2012-03-14 Thread maxxe...@gmail.com
Hi,

Please provide a pg_get_notifications() function (or similar) as a
complement to pg_notify().

Currently, in java jdbc, the clients must poll for notifications using
getNotifications() method in org.postgresql.PGConnection. So, clients
must obtain a reference to connection object and cast it down
(presumably from java.sql.Connection) to org.postgresql.PGConnection.

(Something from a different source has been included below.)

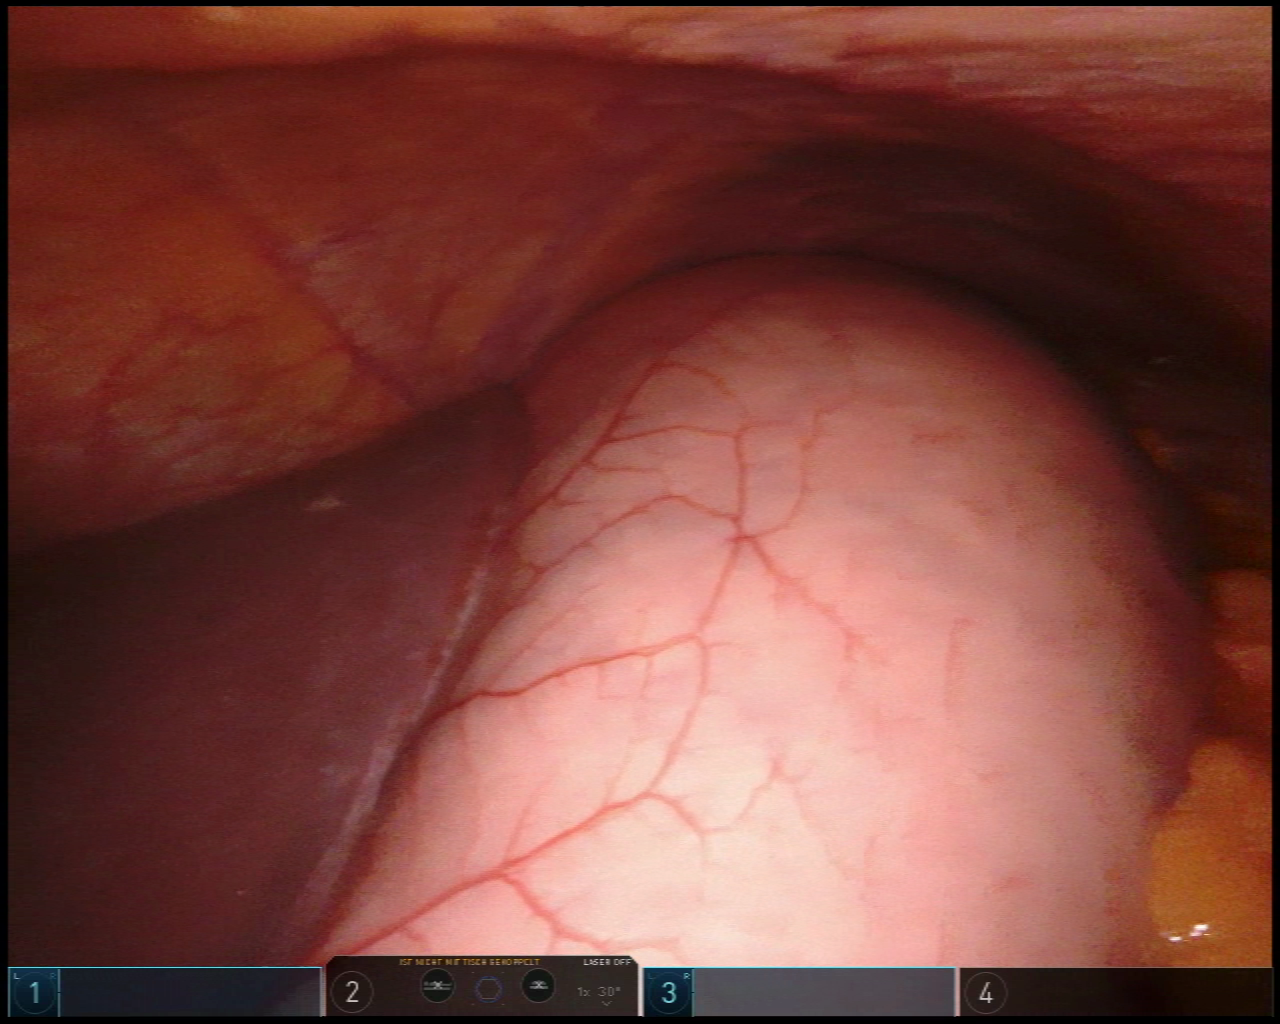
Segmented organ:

It is very problematic to not be able to use the connection as
java.sql.Connection. In a typical set-up, the connection must be
obtained from a ORM framework (like hibernate) which wraps the
underlying connection in its own dynamic proxy. The underling
connection to ORM itself may be wrapped up in another proxy by a
connection pool like commons.apache.org/pool . And if you want to be
fancy, the underlying connection to commons-pool may be wrapped in
another proxy by connection profilers like
log4jdbc/jdbmonitor/javamelody.

If the programmer knows the set-up, he can of course overcome the
problem by using framework-specific knowledge to obtain a PGConnection
(using a lot of downcasts) or reflection tricks (not desirable).
However, in some cases, the programmer cannot possibly know the set-up
in advance. For example if he writes a middleware/help library.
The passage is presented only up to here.